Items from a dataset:

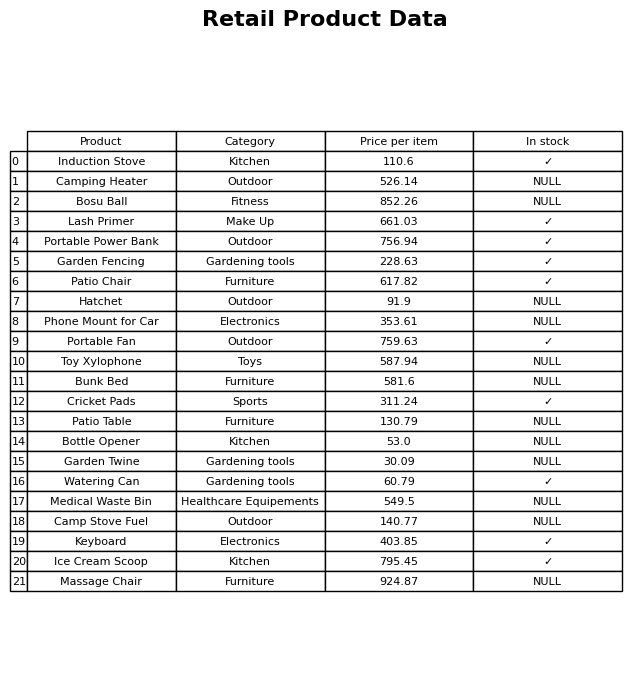
question: What is the price for Camping Heater?
answer: The price of Camping Heater is 526.14.
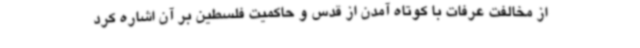
از مخالفت عرفات با کوتاه آمدن از قدس و حاکمیت فلسطین بر آن اشاره کرد
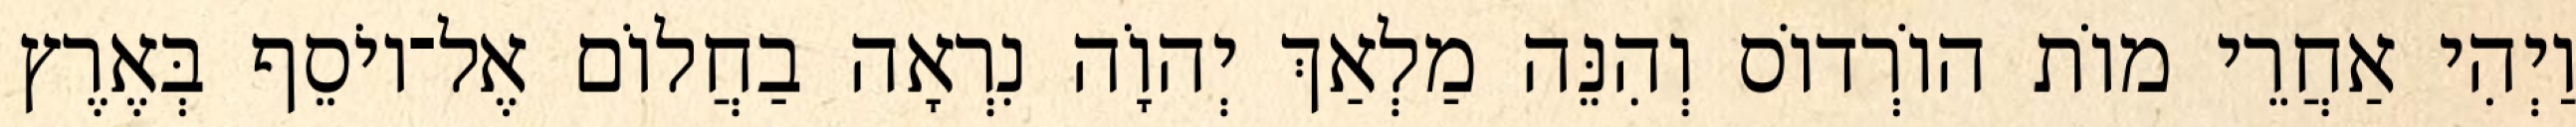
וַיְהִי אַחֲרֵי מוֹת הוֹרְדוֹס וְהִנֵּה מַלְאַךְ יְהוָֹה נִרְאָה בַחֲלוֹם אֶל־יוֹסֵף בְּאֶרֶץ
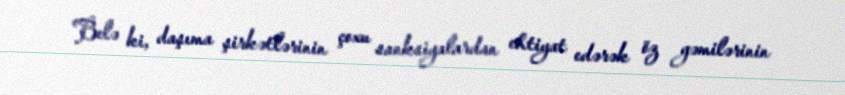
Belə ki, daşıma şirkətlərinin çoxu sanksiyalardan ehtiyat edərək öz gəmilərinin
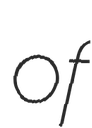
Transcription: of
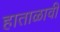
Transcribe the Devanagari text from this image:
हाताळावी
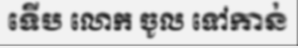
ទើប លោក ចូល ទៅកាន់
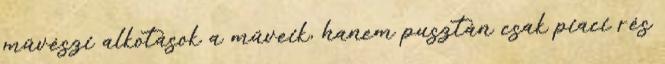
művészi alkotások a műveik, hanem pusztán csak piaci rés
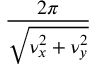
\frac { 2 \pi } { \sqrt { \nu _ { x } ^ { 2 } + \nu _ { y } ^ { 2 } } }

## Exercise requirements:
For each record above, write out every line exactly and skip the pictures.

## Task solution:
question: What is the price for Camping Heater?
answer: The price of Camping Heater is 526.14.
از مخالفت عرفات با کوتاه آمدن از قدس و حاکمیت فلسطین بر آن اشاره کرد
וַיְהִי אַחֲרֵי מוֹת הוֹרְדוֹס וְהִנֵּה מַלְאַךְ יְהוָֹה נִרְאָה בַחֲלוֹם אֶל־יוֹסֵף בְּאֶרֶץ
Belə ki, daşıma şirkətlərinin çoxu sanksiyalardan ehtiyat edərək öz gəmilərinin
Transcription: of
Transcribe the Devanagari text from this image:
हाताळावी
ទើប លោក ចូល ទៅកាន់
művészi alkotások a műveik, hanem pusztán csak piaci rés
\frac { 2 \pi } { \sqrt { \nu _ { x } ^ { 2 } + \nu _ { y } ^ { 2 } } }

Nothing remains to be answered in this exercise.